Мне хотелось бы вкратце рассказать о событиях, толкнувших ее на этот поступок, всех нас потрясший, но, по существу, не заслуживающий осуждения, и об обстоятельствах, в которых она его свершила. Я уже упоминал, что опасения ее мюнхенского учителя, увы, оказались слишком справедливыми; годы шли, а Кларисса по-прежнему прозябала в провинциальном захолустье, и никак ей не удавалось подняться до больших высот, достичь более достойного и видного положения. Из Эльбинга в Восточной Пруссии она перекочевала в Пфорцхейм в Бадене, – иными словами, не сдвинулась или почти не сдвинулась с мертвой точки. Крупные театры ее не замечали, ибо она не имела настоящего успеха, и не имела по простой причине, которую, однако, трудно уразуметь тому, кого это касается: врожденные ее способности были несоразмерны с ее честолюбием, в жилах ее не текла истинно театральная кровь, она не умела покорять себе сердца и чувства своенравной толпы. В ней отсутствовало безотчетно-примитивное начало – качество решающее, собственно, в каждом искусстве, но прежде всего в театральном, – все равно, служит это к чести или к бесчестью искусства, и, в частности, искусства театра.

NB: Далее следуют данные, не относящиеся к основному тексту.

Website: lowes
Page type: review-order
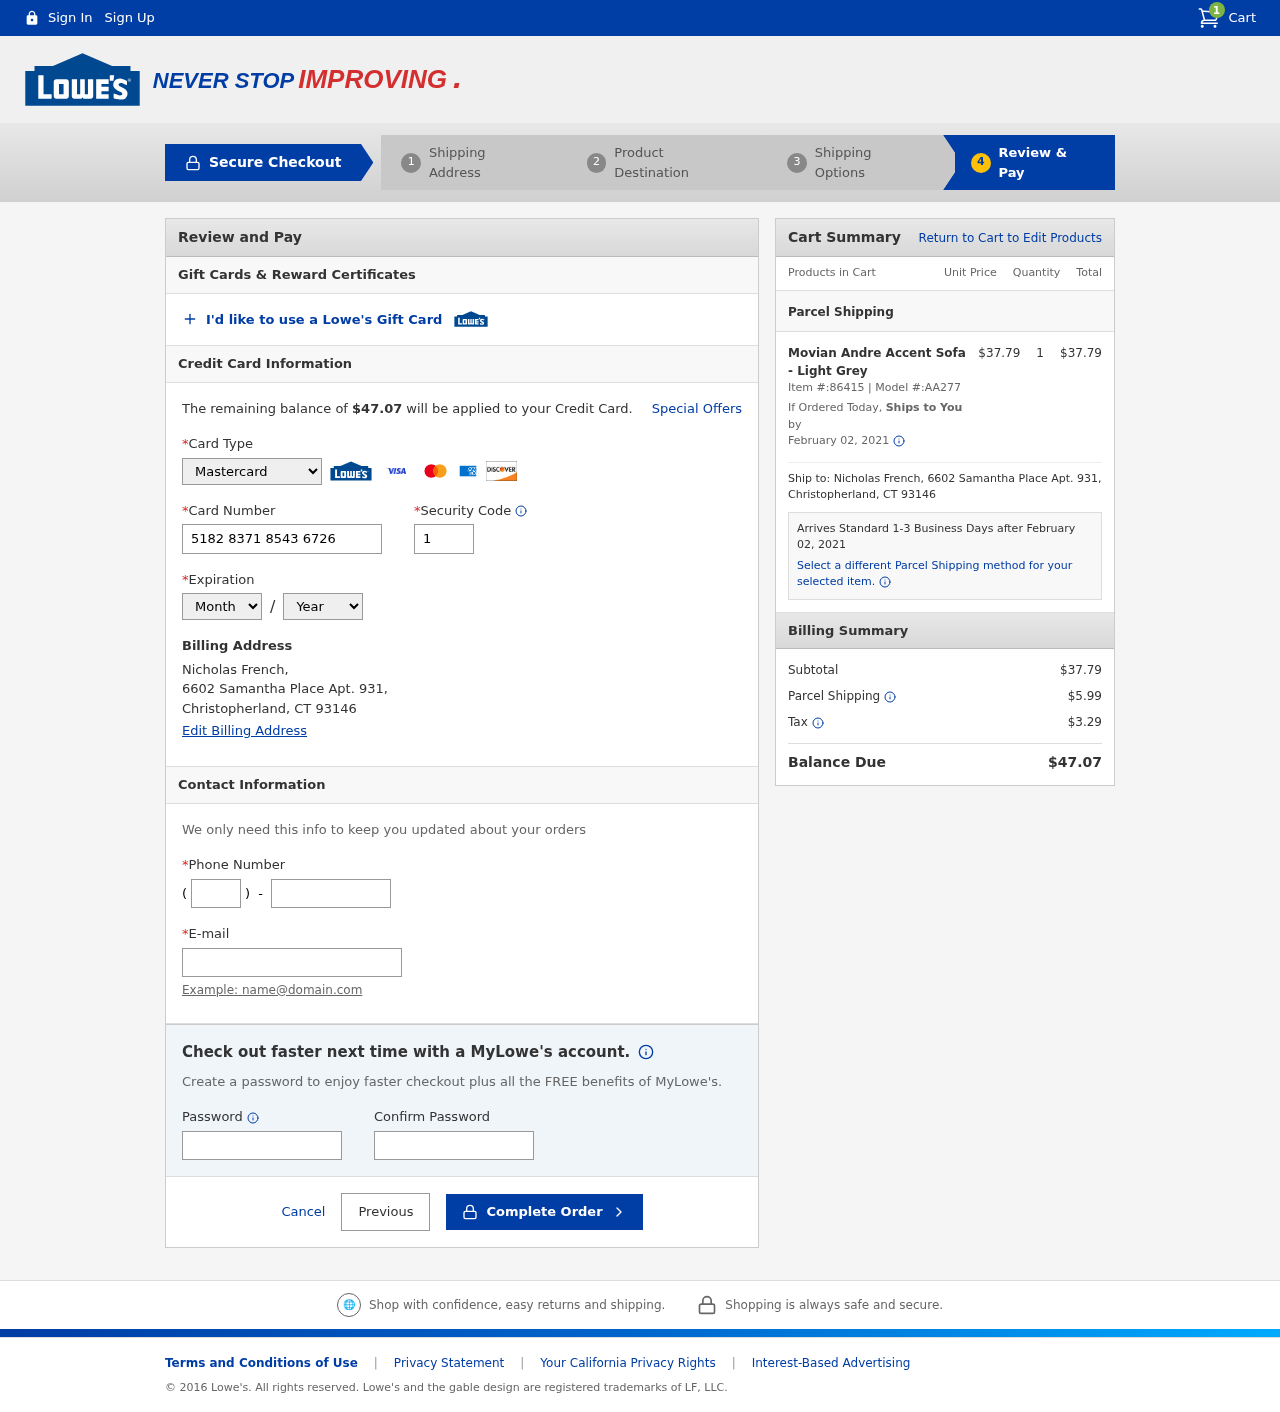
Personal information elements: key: PII_CARD_CVV
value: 112
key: PII_CARD_EXPIRY_MONTH
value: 08
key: PII_CARD_EXPIRY_YEAR
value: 26
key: PII_CARD_NUMBER
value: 5182 8371 8543 6726
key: PII_CARD_TYPE
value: Mastercard
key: PII_CITY
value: Christopherland
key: PII_EMAIL
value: nfrench@gmail.com
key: PII_FULLNAME
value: Nicholas French,
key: PII_PHONE
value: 7004573981
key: PII_PHONE_AREA
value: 700
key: PII_POSTCODE
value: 93146
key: PII_STATE_ABBR
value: CT
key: PII_STREET
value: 6602 Samantha Place Apt. 931
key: PII_STREET
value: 6602 Samantha Place Apt. 931,
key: PII_FULLNAME2
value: Nicholas French
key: PII_POSTCODE_FULL
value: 93146
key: PII_CITY_STATE
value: Christopherland, CT
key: PII_CITY_STATE_ZIP
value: Christopherland, CT 93146
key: PII_POSTCODE_NUMERIC
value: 93146
Product elements: key: PRODUCT1_NAME
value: Movian Andre Accent Sofa - Light Grey
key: PRODUCT1_PRICE
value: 37.79
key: PRODUCT1_QUANTITY
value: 1
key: PRODUCT1_ITEM_NUMBER
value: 86415
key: PRODUCT1_MODEL_NUMBER
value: AA277
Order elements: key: ORDER_NUM_ITEMS
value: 1
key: ORDER_TOTAL
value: $47.07
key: ORDER_SHIPPING_DATE
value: February 02, 2021
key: ORDER_SUBTOTAL
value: $37.79
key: ORDER_SHIPPING_DATE2
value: February 02, 2021
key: ORDER_SUBTOTAL2
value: $37.79
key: ORDER_SHIPPING_COST
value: $5.99
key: ORDER_TAX
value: $3.29

К этому добавилось и еще нечто, повергнувшее Клариссу в смятение. Она, что я давно уже с прискорбием подметил, не умела отъединить сцену от жизни и вне стен театра всячески подчеркивала, что она актриса (наверное, потому, что не была настоящей актрисой). Телесно-личный характер этого искусства заставлял ее и в жизни украшать свою особу шиньонами, сверхдекоративными шляпами, а также неумеренно пользоваться косметикой. Никому не нужная и нелепая самоинсценировка Клариссы действовала на людей, дружески к ней расположенных, удручающе, буржуа она этой затеей эпатировала, мужскую чувственность поощряла, чем создавала ложное о себе впечатление, ибо по сути своей была самой что ни на есть язвительной недотрогой, холодной, чистой, с благороднейшим сердцем, – даже если этот панцирь иронического высокомерия являлся своего рода защитой против женских ее вожделений, которые все же делали ее истинной сестрою Инесы Инститорис, возлюбленной, вернее – экс-возлюбленной Руди Швердтфегера.
Так или иначе, но вслед за отлично сохранившимся шестидесятилетним старцем, который добивался ее любви, был отвергнут еще не один поклонник, хотя среди них попадались и такие, что могли замолвить за нее весьма веское слово; потерпев поражение, они, разумеется, мстили бедняжке уничтожающими отзывами о ней как об актрисе. Но в конце концов пробил и ее час: разборчивость Клариссы была посрамлена самым жалким образом; я говорю «жалким», потому что похититель ее чистоты отнюдь не был достоин своей победы, даже по мнению самой Клариссы. Это был женолюб с псевдодемонической остроконечной бородкой, завсегдатай кулис, провинциальный лев, в Пфорцхейме занимавшийся адвокатско-криминалистической деятельностью и для покорения женских сердец оснащенный разве что дешевым человеконенавистничеством, тонким бельем да порослью черных волос на руках. Однажды вечером, после спектакля и, вероятно, в винном чаду, язвительная, но, в сущности, неопытная и беззащитная упрямица не устояла перед его многоопытностью, досадуя на себя, неистово себя презирая. Ибо соблазнителю хоть и удалось на миг смутить ее чувства, но тут же оказалось, что его торжество не возбудило в ней ничего, кроме ненависти и еще некоторого удивления, что ему удалось заманить в капкан ее, Клариссу Родде. С тех пор она упорно, со злой насмешкой отвергала его домогательства – всегда, впрочем, боясь, как бы он не разгласил, что она была его любовницей, ибо этот тип уже успел пригрозить ей оглаской.